On Fri, Jun 23, 2023 at 5:21 AM Dietmar Eggemann
<dietmar.eggemann@xxxxxxx> wrote:
>
> Hi John,
>
> On 01/06/2023 07:58, John Stultz wrote:
> > From: Peter Zijlstra <peterz@xxxxxxxxxxxxx>
> >
> > In preparation to nest mutex::wait_lock under rq::lock we need to remove
> > wakeups from under it.
>
> [...]
>
> > Signed-off-by: Peter Zijlstra (Intel) <peterz@xxxxxxxxxxxxx>
> > Signed-off-by: Connor O'Brien <connoro@xxxxxxxxxx>
> > Signed-off-by: John Stultz <jstultz@xxxxxxxxxx>
> > ---
> > v2:
> > * Move wake_q_init() as suggested by Waiman Long
> > ---
> > include/linux/ww_mutex.h | 3 +++
> > kernel/locking/mutex.c | 8 ++++++++
> > kernel/locking/ww_mutex.h | 10 ++++++++--
> > 3 files changed, 19 insertions(+), 2 deletions(-)
> >
> > diff --git a/include/linux/ww_mutex.h b/include/linux/ww_mutex.h
> > index bb763085479a..9335b2202017 100644
> > --- a/include/linux/ww_mutex.h
> > +++ b/include/linux/ww_mutex.h
> > @@ -19,6 +19,7 @@
> >
> > #include <linux/mutex.h>
> > #include <linux/rtmutex.h>
> > +#include <linux/sched/wake_q.h>
> >
> > #if defined(CONFIG_DEBUG_MUTEXES) || \
> > (defined(CONFIG_PREEMPT_RT) && defined(CONFIG_DEBUG_RT_MUTEXES))
> > @@ -58,6 +59,7 @@ struct ww_acquire_ctx {
> > unsigned int acquired;
> > unsigned short wounded;
> > unsigned short is_wait_die;
> > + struct wake_q_head wake_q;
>
> you told me that there is already an issue in this patch even w/o PE
> when running `insmod /lib/modules/test-ww_mutex.ko`.
>
> The issue is related to Connor's version (1):
>
> https://lkml.kernel.org/r/20221003214501.2050087-2-connoro@xxxxxxxxxx
>
> struct ww_acquire_ctx {
>
> struct wake_q_head wake_q;
>
>
> __mutex_lock_common()
>
> if (ww_ctx)
> ww_ctx_wake(ww_ctx)
>
> wake_up_q(&ww_ctx->wake_q);
> wake_q_init(&ww_ctx->wake_q);
>
>
> Juri's version (2):
>
> https://lkml.kernel.org/r/20181009092434.26221-3-juri.lelli@xxxxxxxxxx
>
> __mutex_lock_common()
>
> DEFINE_WAKE_Q(wake_q) <-- !!!
>
> __ww_mutex_check_waiters(..., wake_q)
>
> __ww_mutex_die(..., wake_q)
>
> wake_q_add(wake_q, waiter->task)
>
> wake_up_q(&wake_q)
>
>
> `insmod /lib/modules/test-ww_mutex.ko` runs fine with (2) but not with
> (1) (both w/o the remaining PE patches).
>
> So to test the PE issues we talked about already which come with `[PATCH
> v4 09/13] sched: Add proxy execution` and CONFIG_PROXY_EXEC=y we need to
> fix (1) or go back to (2).
>
> I haven't found any clues why (2) was changed to (1) so far.
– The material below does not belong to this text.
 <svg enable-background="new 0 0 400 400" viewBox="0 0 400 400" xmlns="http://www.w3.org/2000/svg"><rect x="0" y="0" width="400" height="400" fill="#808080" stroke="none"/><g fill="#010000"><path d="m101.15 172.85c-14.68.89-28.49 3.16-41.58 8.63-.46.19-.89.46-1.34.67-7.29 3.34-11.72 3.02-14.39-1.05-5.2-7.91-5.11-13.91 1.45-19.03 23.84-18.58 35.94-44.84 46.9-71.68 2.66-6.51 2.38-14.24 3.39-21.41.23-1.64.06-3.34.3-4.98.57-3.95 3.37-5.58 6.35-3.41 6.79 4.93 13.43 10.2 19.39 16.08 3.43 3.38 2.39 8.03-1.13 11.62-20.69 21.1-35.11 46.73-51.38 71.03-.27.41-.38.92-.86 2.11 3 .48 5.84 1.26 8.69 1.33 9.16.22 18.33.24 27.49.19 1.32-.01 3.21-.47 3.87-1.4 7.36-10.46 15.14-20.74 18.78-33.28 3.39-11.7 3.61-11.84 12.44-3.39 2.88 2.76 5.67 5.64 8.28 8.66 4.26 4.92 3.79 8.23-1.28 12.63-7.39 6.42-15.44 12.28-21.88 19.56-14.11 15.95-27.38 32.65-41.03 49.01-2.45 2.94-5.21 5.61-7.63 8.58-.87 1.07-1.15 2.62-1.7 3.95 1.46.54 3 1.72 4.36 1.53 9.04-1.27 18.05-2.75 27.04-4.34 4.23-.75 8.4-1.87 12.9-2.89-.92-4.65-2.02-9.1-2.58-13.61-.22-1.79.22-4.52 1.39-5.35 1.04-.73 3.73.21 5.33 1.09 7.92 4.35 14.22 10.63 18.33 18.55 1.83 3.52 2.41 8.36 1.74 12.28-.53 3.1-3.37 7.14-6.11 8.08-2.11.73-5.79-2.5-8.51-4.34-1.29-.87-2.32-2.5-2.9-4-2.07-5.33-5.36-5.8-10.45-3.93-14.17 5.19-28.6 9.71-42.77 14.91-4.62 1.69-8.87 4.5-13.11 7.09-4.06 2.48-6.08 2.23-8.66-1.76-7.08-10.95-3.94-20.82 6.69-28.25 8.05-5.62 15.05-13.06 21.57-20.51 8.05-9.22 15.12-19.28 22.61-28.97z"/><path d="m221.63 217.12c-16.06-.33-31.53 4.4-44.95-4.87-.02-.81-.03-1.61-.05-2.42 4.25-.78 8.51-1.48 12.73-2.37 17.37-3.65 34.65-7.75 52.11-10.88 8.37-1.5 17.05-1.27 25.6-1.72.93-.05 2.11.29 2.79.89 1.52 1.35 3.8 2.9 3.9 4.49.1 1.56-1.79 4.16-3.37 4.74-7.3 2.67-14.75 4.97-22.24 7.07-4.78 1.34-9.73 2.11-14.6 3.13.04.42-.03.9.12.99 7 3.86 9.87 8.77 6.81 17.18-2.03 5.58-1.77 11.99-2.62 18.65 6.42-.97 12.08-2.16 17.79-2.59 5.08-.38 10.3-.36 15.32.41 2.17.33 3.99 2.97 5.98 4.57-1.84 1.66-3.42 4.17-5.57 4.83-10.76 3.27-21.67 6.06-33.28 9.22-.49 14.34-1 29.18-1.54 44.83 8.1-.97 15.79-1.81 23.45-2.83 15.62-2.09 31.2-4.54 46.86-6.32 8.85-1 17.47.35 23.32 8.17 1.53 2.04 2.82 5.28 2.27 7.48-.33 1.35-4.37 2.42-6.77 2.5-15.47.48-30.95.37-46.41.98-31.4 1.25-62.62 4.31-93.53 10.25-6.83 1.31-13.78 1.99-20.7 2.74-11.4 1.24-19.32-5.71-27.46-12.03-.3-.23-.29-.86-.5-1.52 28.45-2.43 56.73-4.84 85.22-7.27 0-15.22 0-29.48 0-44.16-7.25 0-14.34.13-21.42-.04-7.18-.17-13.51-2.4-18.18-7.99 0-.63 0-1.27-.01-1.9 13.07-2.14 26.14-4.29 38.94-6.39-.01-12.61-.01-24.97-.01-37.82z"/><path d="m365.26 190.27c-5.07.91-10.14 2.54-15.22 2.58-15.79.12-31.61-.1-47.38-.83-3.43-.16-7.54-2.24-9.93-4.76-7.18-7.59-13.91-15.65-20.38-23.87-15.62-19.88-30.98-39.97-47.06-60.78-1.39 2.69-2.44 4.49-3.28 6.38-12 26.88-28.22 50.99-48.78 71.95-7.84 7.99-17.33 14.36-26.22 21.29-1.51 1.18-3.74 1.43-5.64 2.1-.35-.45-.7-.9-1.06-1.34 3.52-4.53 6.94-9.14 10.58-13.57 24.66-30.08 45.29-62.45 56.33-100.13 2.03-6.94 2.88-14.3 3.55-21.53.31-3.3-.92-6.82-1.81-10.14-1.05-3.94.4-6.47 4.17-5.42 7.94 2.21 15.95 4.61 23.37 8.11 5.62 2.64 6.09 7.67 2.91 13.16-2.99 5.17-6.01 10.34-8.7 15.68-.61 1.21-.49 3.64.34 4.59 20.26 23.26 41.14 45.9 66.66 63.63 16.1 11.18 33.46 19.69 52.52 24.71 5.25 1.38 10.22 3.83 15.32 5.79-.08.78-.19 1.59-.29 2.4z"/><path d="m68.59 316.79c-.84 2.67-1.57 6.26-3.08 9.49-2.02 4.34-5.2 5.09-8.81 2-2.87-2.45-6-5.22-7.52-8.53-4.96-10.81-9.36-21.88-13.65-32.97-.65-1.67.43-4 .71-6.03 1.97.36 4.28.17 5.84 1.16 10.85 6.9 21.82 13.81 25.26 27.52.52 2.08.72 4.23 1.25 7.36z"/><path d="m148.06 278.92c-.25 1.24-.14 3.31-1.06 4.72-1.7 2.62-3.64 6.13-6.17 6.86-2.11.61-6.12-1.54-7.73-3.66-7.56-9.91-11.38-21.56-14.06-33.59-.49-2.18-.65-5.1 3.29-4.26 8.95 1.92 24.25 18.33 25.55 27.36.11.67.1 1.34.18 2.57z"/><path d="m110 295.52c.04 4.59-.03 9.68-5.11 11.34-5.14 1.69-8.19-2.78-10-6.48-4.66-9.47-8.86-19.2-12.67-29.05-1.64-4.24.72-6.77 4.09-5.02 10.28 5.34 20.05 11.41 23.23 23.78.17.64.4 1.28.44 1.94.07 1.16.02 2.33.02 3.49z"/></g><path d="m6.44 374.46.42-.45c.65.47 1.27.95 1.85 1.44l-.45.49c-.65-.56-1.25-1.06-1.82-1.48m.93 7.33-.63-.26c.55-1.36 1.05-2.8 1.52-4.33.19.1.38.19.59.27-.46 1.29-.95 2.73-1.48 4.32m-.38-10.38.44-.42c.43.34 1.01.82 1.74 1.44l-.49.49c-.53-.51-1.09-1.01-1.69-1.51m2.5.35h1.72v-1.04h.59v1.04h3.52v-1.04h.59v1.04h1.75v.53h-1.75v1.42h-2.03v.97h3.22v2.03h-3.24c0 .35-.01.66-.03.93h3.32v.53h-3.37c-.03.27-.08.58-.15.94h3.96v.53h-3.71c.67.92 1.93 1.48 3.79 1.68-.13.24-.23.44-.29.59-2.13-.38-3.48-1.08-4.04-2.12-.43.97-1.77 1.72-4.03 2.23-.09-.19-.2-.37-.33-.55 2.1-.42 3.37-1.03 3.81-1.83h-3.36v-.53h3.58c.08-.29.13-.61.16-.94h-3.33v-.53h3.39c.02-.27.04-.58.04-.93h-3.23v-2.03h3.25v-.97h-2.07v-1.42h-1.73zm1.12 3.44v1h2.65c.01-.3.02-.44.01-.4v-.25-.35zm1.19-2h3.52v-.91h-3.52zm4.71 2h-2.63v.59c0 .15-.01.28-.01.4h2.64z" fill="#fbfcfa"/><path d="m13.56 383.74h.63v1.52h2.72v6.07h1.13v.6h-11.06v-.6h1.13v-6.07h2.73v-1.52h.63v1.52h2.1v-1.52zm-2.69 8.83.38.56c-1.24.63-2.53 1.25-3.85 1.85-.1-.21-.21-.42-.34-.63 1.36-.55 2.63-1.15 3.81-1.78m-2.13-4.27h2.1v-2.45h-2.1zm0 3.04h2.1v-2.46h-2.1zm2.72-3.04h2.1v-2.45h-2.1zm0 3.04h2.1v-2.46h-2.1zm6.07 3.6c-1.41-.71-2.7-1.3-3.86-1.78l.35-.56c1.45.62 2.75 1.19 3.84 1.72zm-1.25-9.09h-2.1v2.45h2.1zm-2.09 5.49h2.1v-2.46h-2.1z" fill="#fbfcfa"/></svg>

Right. I don't have context for why, but moving the wake_q to the
ww_ctx does seem to break the wake_q assumptions, and results in lost
wakeups.

In my current tree, I've switched back to Juri's older version of the
patch, but adding one fix from Connor's, and with that the patch
doesn't run into this trouble.

That said, I still am catching and debugging problems with later
patches in the series, which has required breaking up the core proxy
change into much finer grained changes so I can debug what's going
wrong. My v5 patch set will reflect this.

thanks
-john